Suddenly, sitting in this hallway, I am calm.
It’s hard to express the depth of that moment, but you will
perhaps identify with it, and also with the near-immediate return to the more
fervent breathing and heart-rate. But for a few seconds, my tromboning heart
was still. I was moved, and grateful, and surprised, and most of all,
reassured.
On my way into the city for the audition, I had to get
copies of my acting resume printed, and was in the copy shop. I was ahead of a
woman who offered me a stapler, and I said, Sure, as soon as I stop shaking! I
said I was heading to an audition and I was really nervous. She said that when
she was 16 (i.e. a long time ago), she was going on a clarinet audition, and
her teacher said to her, Imagine you are 74 years old, and how insignificant
this will seem to you then. And though there’s a part of me that feels that
auditioning for a musical for the first time since I was 17 is actually quite a
significant and really awesome thing, she’s also right. It’s one audition out
of many I believe I’ll have. Whether it’s this, musicals, theater as theater, or none of the above, I
don’t know. And I don’t much care.
What I do know is that sitting in that plastic chair, I
knew, bottomlessly, that this was a part of my path.

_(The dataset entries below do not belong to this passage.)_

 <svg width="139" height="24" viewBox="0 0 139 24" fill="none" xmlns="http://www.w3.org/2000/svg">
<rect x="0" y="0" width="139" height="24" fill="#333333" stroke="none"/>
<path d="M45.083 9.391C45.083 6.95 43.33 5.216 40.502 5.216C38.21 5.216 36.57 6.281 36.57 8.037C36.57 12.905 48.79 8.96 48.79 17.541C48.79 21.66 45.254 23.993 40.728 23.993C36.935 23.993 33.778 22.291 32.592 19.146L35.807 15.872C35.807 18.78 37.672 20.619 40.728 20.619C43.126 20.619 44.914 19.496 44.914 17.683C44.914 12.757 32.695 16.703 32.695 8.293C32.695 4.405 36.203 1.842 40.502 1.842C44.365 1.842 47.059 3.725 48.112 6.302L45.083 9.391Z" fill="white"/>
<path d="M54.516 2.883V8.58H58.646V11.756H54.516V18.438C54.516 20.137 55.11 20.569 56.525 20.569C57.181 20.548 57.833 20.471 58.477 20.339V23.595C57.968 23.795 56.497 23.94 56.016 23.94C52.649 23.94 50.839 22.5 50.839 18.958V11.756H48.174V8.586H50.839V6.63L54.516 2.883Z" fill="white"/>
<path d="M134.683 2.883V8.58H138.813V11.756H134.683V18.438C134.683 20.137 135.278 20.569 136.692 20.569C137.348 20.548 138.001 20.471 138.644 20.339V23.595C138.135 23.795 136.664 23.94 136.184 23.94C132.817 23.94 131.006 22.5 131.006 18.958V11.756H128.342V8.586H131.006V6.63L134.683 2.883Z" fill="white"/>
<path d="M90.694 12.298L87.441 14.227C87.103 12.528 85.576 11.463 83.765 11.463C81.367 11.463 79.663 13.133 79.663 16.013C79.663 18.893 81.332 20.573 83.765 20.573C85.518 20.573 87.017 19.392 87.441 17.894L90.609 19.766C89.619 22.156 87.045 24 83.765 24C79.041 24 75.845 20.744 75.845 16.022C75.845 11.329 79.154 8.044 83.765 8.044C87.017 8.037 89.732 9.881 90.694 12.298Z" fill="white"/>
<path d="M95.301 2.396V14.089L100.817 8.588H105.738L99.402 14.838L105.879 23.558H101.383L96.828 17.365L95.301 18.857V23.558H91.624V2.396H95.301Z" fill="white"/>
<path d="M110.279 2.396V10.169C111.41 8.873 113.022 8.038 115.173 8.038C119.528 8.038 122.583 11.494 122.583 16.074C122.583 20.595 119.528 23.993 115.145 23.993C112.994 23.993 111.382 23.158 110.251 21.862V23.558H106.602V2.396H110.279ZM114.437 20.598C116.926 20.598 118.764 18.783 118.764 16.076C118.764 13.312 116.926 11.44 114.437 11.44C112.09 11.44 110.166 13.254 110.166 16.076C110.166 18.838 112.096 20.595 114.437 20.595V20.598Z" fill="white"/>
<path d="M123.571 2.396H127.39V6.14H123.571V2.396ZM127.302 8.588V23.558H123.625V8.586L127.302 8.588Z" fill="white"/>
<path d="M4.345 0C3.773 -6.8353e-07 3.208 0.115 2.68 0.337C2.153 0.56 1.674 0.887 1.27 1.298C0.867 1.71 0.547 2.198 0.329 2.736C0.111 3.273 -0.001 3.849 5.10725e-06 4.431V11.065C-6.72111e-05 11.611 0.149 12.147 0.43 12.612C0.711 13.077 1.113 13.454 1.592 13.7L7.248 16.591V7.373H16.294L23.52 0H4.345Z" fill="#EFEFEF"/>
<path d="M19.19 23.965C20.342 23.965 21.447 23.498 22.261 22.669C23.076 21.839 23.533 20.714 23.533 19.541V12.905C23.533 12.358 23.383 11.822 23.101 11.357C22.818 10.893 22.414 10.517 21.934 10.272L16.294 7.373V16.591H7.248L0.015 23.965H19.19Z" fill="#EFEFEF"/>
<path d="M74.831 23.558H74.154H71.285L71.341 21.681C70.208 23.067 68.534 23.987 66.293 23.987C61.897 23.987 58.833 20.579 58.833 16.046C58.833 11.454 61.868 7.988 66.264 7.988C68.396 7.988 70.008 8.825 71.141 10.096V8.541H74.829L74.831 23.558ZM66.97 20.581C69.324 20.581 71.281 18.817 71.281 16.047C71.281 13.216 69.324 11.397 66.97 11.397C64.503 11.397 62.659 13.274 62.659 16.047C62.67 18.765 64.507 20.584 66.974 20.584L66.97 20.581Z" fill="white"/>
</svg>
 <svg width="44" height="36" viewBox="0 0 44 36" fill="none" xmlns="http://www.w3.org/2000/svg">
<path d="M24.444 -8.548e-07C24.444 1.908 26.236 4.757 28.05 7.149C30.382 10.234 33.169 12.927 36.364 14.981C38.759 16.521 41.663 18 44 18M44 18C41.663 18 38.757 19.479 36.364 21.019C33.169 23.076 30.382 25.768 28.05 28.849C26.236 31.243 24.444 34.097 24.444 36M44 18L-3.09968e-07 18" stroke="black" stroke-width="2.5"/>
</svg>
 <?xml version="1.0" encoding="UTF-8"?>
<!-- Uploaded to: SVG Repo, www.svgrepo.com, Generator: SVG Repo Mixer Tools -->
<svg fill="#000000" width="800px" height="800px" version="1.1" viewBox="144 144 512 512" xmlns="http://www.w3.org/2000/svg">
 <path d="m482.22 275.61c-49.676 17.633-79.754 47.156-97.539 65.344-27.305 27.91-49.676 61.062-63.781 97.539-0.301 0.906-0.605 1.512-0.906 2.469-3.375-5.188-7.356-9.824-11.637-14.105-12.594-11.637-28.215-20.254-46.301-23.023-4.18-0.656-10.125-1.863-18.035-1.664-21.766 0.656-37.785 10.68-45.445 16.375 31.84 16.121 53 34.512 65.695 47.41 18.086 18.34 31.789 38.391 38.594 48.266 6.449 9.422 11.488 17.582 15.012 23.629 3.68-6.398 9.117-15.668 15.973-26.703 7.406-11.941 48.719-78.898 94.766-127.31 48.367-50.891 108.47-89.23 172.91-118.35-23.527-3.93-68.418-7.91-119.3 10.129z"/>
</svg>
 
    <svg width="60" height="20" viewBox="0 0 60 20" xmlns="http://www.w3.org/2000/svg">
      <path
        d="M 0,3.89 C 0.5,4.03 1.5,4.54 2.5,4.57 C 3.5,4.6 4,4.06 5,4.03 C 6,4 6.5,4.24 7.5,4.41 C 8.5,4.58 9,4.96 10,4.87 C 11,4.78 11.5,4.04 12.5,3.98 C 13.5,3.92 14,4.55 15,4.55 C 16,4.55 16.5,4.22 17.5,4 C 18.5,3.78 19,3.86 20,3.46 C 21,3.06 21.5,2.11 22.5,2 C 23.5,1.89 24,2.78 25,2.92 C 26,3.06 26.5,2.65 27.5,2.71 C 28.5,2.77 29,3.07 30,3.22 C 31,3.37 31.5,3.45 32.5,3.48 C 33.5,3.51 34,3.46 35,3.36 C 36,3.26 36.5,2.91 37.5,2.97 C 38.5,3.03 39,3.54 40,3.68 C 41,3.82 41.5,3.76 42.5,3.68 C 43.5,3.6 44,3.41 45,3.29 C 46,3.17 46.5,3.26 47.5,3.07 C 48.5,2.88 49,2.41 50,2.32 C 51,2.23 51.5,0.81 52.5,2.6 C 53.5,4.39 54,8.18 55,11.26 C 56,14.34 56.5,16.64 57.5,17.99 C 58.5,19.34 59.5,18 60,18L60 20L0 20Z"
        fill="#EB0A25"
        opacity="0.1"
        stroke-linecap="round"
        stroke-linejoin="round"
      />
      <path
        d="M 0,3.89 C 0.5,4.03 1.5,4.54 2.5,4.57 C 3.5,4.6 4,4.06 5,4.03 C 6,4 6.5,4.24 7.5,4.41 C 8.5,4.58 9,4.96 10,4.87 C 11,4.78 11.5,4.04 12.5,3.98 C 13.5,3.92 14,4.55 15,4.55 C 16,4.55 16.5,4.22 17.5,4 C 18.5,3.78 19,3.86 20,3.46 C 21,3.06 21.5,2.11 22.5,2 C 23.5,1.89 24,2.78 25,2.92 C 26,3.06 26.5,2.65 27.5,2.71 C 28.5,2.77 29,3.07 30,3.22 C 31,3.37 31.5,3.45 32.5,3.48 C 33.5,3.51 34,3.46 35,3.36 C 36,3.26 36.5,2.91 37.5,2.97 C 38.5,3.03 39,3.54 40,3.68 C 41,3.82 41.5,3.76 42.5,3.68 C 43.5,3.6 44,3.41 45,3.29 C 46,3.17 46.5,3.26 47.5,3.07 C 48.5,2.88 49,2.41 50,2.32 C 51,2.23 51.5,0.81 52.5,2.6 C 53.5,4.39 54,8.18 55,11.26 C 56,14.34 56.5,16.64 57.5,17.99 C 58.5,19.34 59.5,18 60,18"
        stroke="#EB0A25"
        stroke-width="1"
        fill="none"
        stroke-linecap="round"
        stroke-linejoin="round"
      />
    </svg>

Showing up, doing this
righteously scary thing, is beyond significant for me, and is helping to shape
the entire rest of my life.
Which, then, brings me to the BART moment. For those
uninitiated in Bay Area public transportation, BART actually stands for Bay
Area Rapid Transit, and is a train which crosses under the bay, connecting SF
to the East Bay. It is also a carpeted train system, which means it hangs onto
every loogie, urine, spill, and foot traffic odor and stain that marks it. It’s
not the place you want to bring a hot date. Nor, in fact, is it the place you’d
imagine having a spiritual experience. But, to get back to the point.
Sitting on BART, on my way into the city with my headshots,
and resumes, and sheet music, and palpating heart, I began to go inward here.
Where I went is somewhere I know – it is an open field, surrounded by a forest.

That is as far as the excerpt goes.